How will the Commission support codes of conduct for easier switching of data service providers?

The Commission will encourage and facilitate the development of self-regulatory codes of conduct to facilitate the switching of providers and to ensure that those providers give sufficiently detailed, clear and transparent information to professional users on the terms and conditions applicable before a contract for data storage and processing is concluded.

Different aspects concerning processes, technical requirements, timeframes and charges that may apply in case of switching of providers should be considered. This may include the processes and location of any data back-up, the available data formats and supports, the required IT configuration and minimum network bandwidth; the time required prior to initiating the porting process and the time during which the data will remain available for porting; and the guarantees for accessing data in the case of the bankruptcy of the provider.
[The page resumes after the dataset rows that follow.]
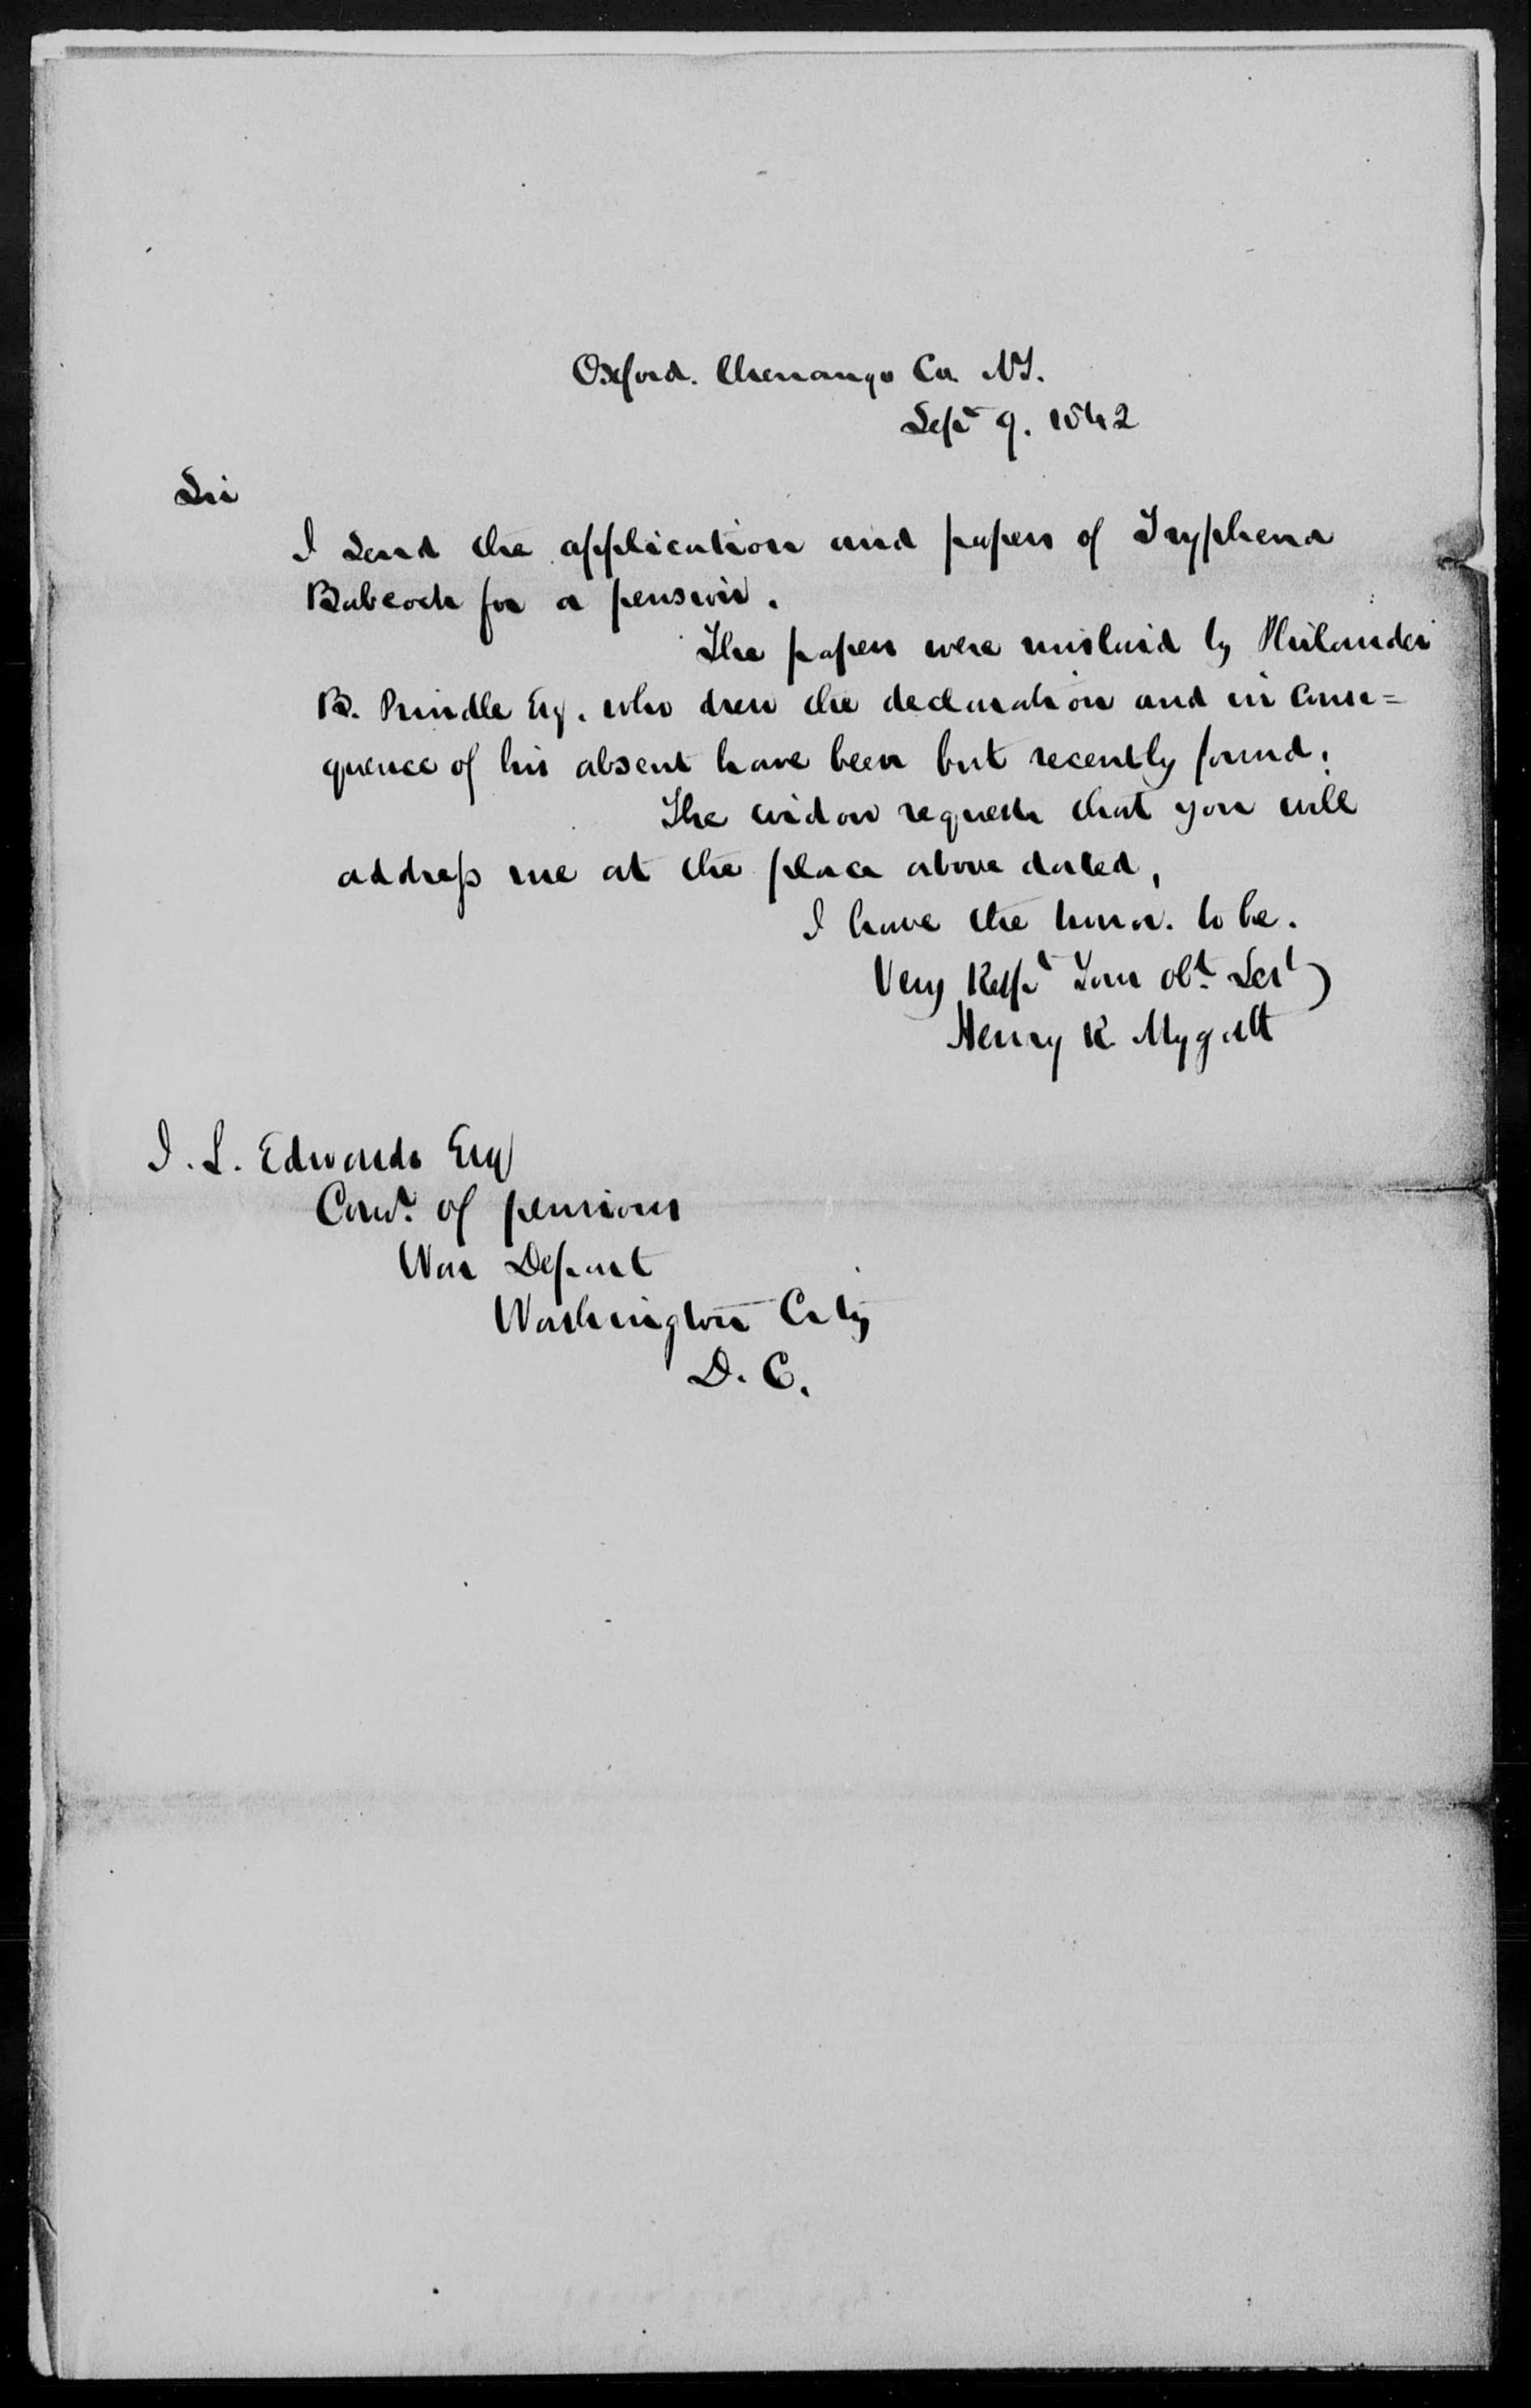Oxford Chenango Co NY Sept 9. 1842 
Sir
I send the application and papers of Tryphena Babcock for a pension. 
The papers who mislaid by Philander B. Prindle Esq who drew the declaration and in consequence of his absence have been but recently found.   
The widow requests that you will address me at the place above stated.  
I have the honor to be. Very Respy Your Obt Sert 
Henry R. Mygatt
J. L. Edwards Esq Court of Pensions War Depart Washington City

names: Philander B Prindle, J L Edwards, Tryphena Babcock, Henry R Mygatt
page: 9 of 10
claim: rejected
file: R. 345, Daniel Babcock, Conn.

The Commission will see that providers effectively implement the relevant codes of conduct within one year after the start of application of the Regulation. The Commission will also review whether providers comply with the transparency requirements. If the Commission deems this compliance insufficient, it may propose additional measures.
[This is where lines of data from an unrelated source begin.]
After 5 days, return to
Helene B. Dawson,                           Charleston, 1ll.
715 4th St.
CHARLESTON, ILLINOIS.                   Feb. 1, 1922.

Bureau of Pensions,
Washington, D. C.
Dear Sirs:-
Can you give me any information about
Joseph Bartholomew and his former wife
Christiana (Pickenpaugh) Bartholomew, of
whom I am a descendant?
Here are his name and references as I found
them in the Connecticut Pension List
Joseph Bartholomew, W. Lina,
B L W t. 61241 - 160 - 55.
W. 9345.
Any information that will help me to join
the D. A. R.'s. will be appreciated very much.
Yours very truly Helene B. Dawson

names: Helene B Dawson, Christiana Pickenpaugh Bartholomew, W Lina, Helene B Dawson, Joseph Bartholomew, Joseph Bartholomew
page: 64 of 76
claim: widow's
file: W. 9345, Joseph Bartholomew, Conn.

What will be the impact on the security of data?

The new Regulation clarifies that all security requirements that currently apply to businesses and public administrations will continue to apply also when they choose to store or process data in another Member State or to use cloud services. Accordingly, the Regulation makes businesses more aware of their responsibilities regarding the security of data storage and processing in cross-border contexts.

The new measures are relying on the implementation mechanisms provided in the Directive on security of network and information systems to enhance cyber resilience of cross-border data storage and other processing. Together with this draft regulation, the Commission has proposed to scale up the EU’s response to cyber attacks by presenting a new cybersecurity framework to better anticipate, respond, and counter cyber threats. It has also proposed a new European cybersecurity certification framework which will support cross-border supply and demand of cloud and other data services, and make the system much more transparent and more efficient.

How will this Regulation affect EU citizens?

The Regulation on free flow of non-personal data covers data other than personal data. For that reason, it primarily affects businesses and business users of data storage of other processing services, or individuals acting in professional capacity. The Regulation on free flow of non-personal data is one of a series of proposals in the Digital Single Market Strategy. Other proposals may affect citizens more directly. For example, digital contract rules enhance the rights of consumers to terminate contracts with digital content suppliers, such as cloud service providers, or to retrieve personal data that is processed by digital content suppliers. To avoid overlap with this and other EU instruments, the Regulation on free flow of non-personal data does not cover citizens directly. However, citizens are expected to benefit indirectly from this Regulation through a more competitive and open single market for data storage and processing services in the EU.

Which additional measures does the Commission explore?

To gather stakeholders’ views on emerging issues of the data economy – such as access to non-personal data in a business-to-business context and new technologies such as the Internet of Things (IoT), advanced robotics and autonomous systems – the Commission ran a public consultation on Building a European Data Economy from January to April 2017. A full report has been published to accompany the Regulation on the free flow of non-personal data.

On business-to-business data access, many stakeholders are in favour of more data sharing. Most stakeholders think the regulatory framework should not be changed at this moment in time and rather support non-regulatory measures. The Commission is now exploring how to put these results into practice. In relation to the liability challenges in the context of emerging technologies, the Commission will continue to gather further evidence and conduct more investigations before action is announced.